- What is being asked -
Return, with both end lines included, exactly what the data below holds from the line with "Notice how the" through the line with "The image shows 22", though not the pictures.

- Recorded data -
____

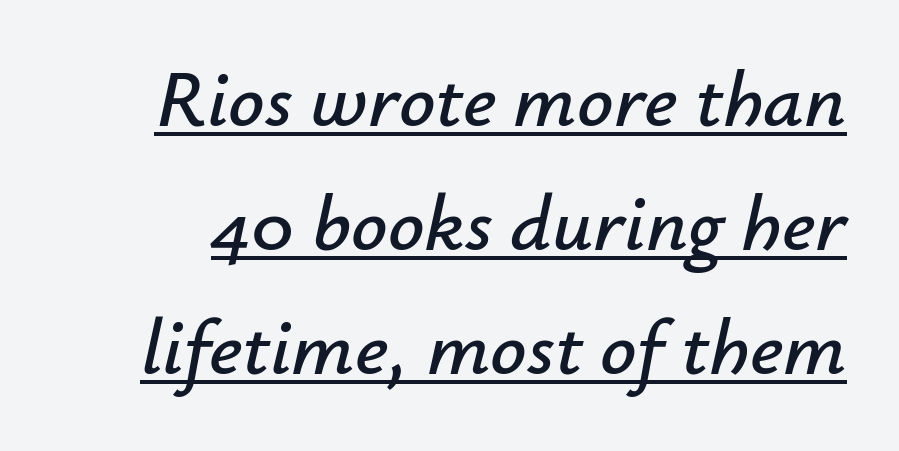
The passage shown is underscored from start to finish. In terms of letterspacing, this is plain default setting. When letters slant like this, we call the style italic. The rendering uses natural spacing where letterforms have individual widths. Is there much room between lines? A standard amount, neither cramped nor airy.
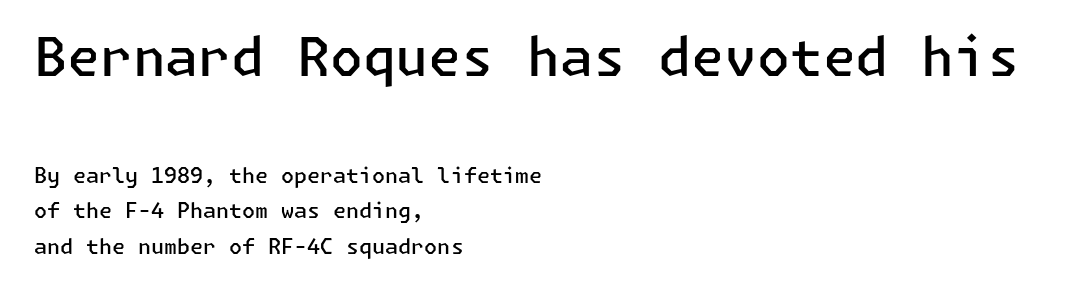
The image shows 53 px semibold sans-serif type, upright; set left-aligned, normal line spacing (1.69x), normal letter spacing, not underlined; the first (top) block is 2.52x larger; low stroke contrast and a medium x-height.
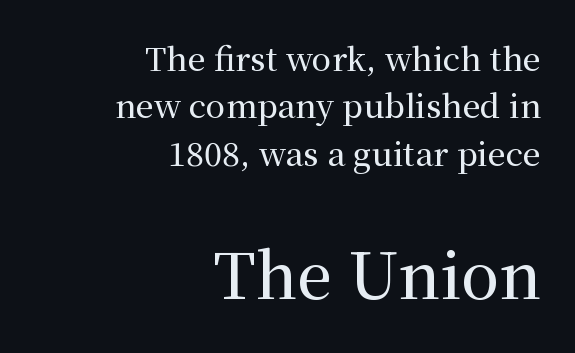
Notice how the passage keeps a crisp vertical edge on the right only. The tracking reads as untouched default to a designer's eye. Scale increases going downward across the two blocks. Beneath every word, the page is bare.
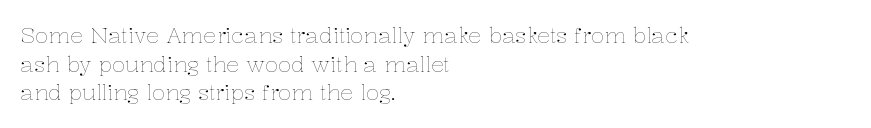
The image shows 22 px text type, upright; set left-aligned, normal line spacing (1.3x), normal letter spacing, not underlined.
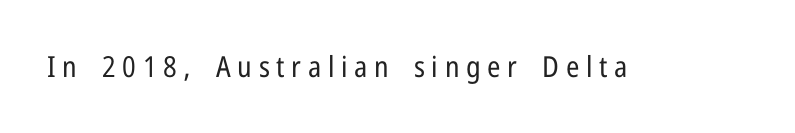
{"serif": "no", "italic": "no", "bold": "no", "weight": "regular", "width": "condensed", "stroke_contrast": "low", "x_height": "medium", "monospaced": "no", "underline": "no", "letter_spacing": "wide", "letter_spacing_em": 0.23, "glyph_px": 29}
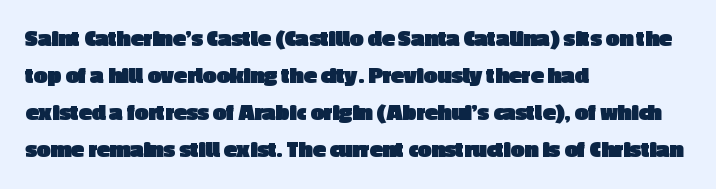
Q: Is the text bold? A: Yes.
Q: Is the text italic (slanted)? A: No, it is upright.
Q: Is the text underlined? A: No.
Q: How is the paragraph aligned? A: Left-aligned.
Q: Is the spacing between letters normal or unusually wide? A: Normal.
Q: Is the spacing between lines tight, normal or loose? A: Normal.
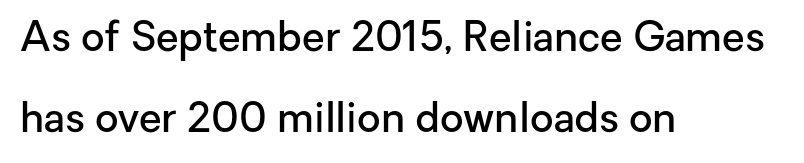
Q: Is the text bold? A: Semi-bold.
Q: Is the text italic (slanted)? A: No, it is upright.
Q: Is the typeface a serif or a sans-serif typeface? A: Sans-serif.
Q: Is the text underlined? A: No.
Q: How is the paragraph aligned? A: Left-aligned.
Q: Is the spacing between letters normal or unusually wide? A: Normal.
Q: Is the spacing between lines tight, normal or loose? A: Loose.
Q: Width (condensed, normal, or wide)? A: Normal.
Q: Stroke contrast? A: Low.
Q: x-height? A: Medium.
Q: Monospaced? A: No.
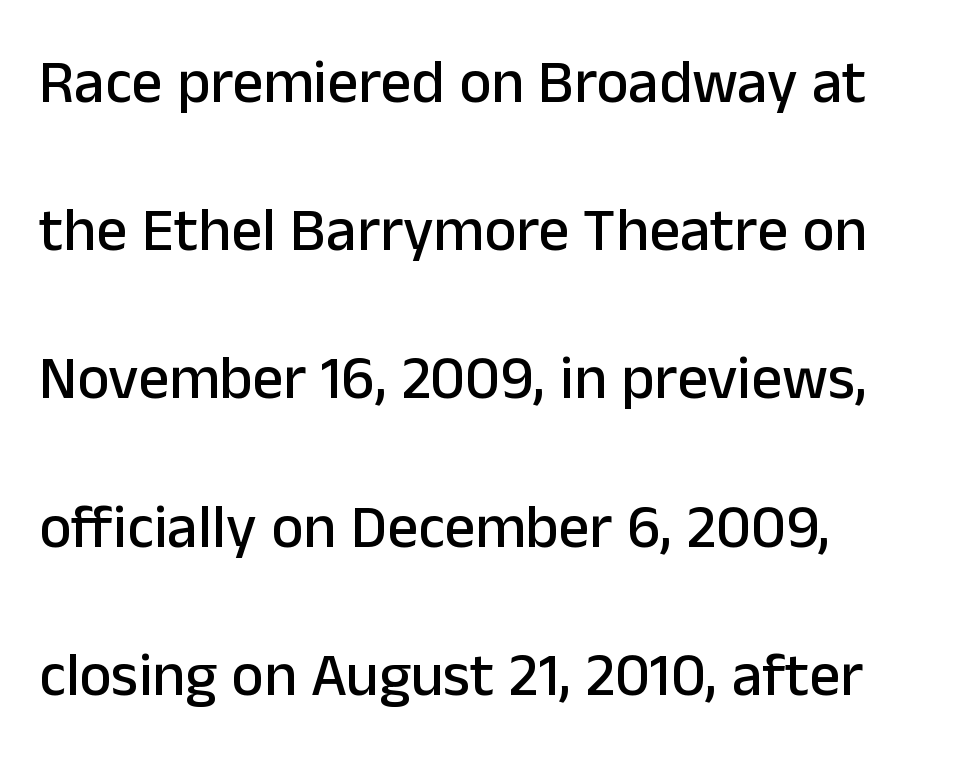
The image shows 61 px sans-serif type, upright; set loose line spacing (2.43x), normal letter spacing, not underlined; low stroke contrast and a medium x-height.
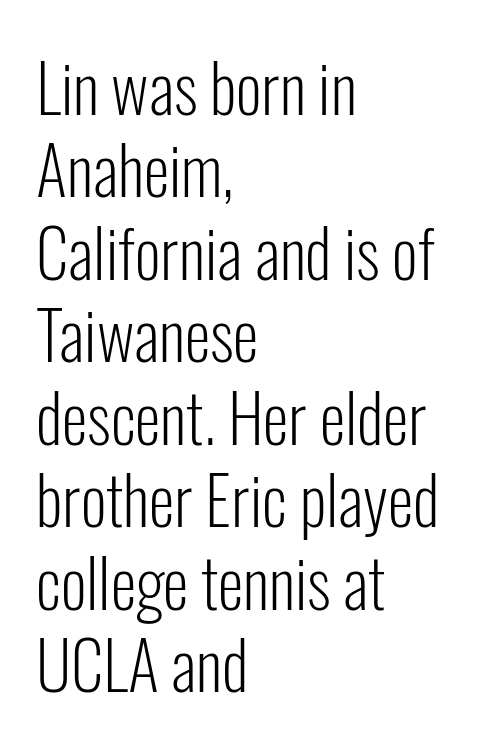
This rendering features lettering with no underline. How would I describe the line gaps? Plain and ordinary. This is the regular roman posture of the typeface. Looks like regular typesetting: each glyph gets only the width it needs.
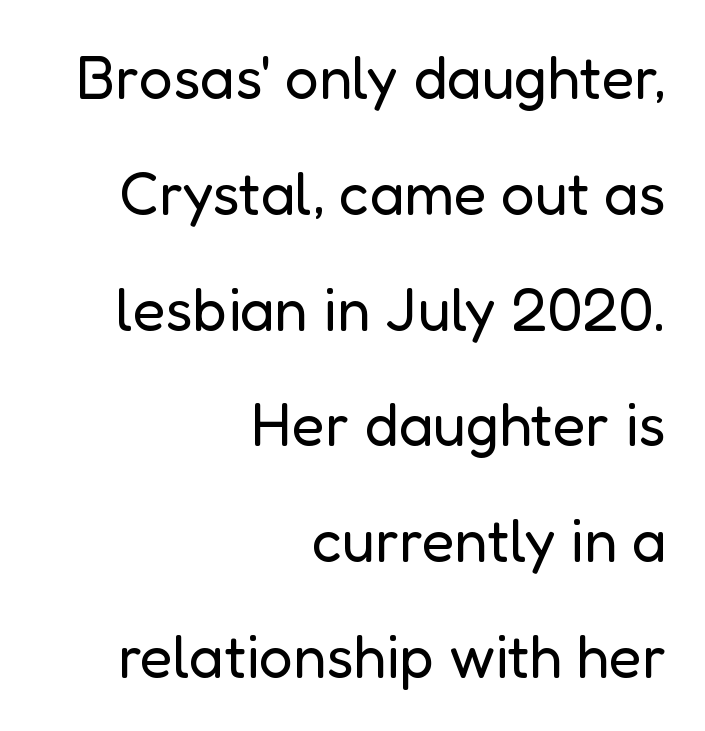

____

- Reply to the task -
Notice how the passage keeps a crisp vertical edge on the right only. The tracking reads as untouched default to a designer's eye. Scale increases going downward across the two blocks. Beneath every word, the page is bare.
The image shows 22 px text type, upright; set left-aligned, normal line spacing (1.3x), normal letter spacing, not underlined.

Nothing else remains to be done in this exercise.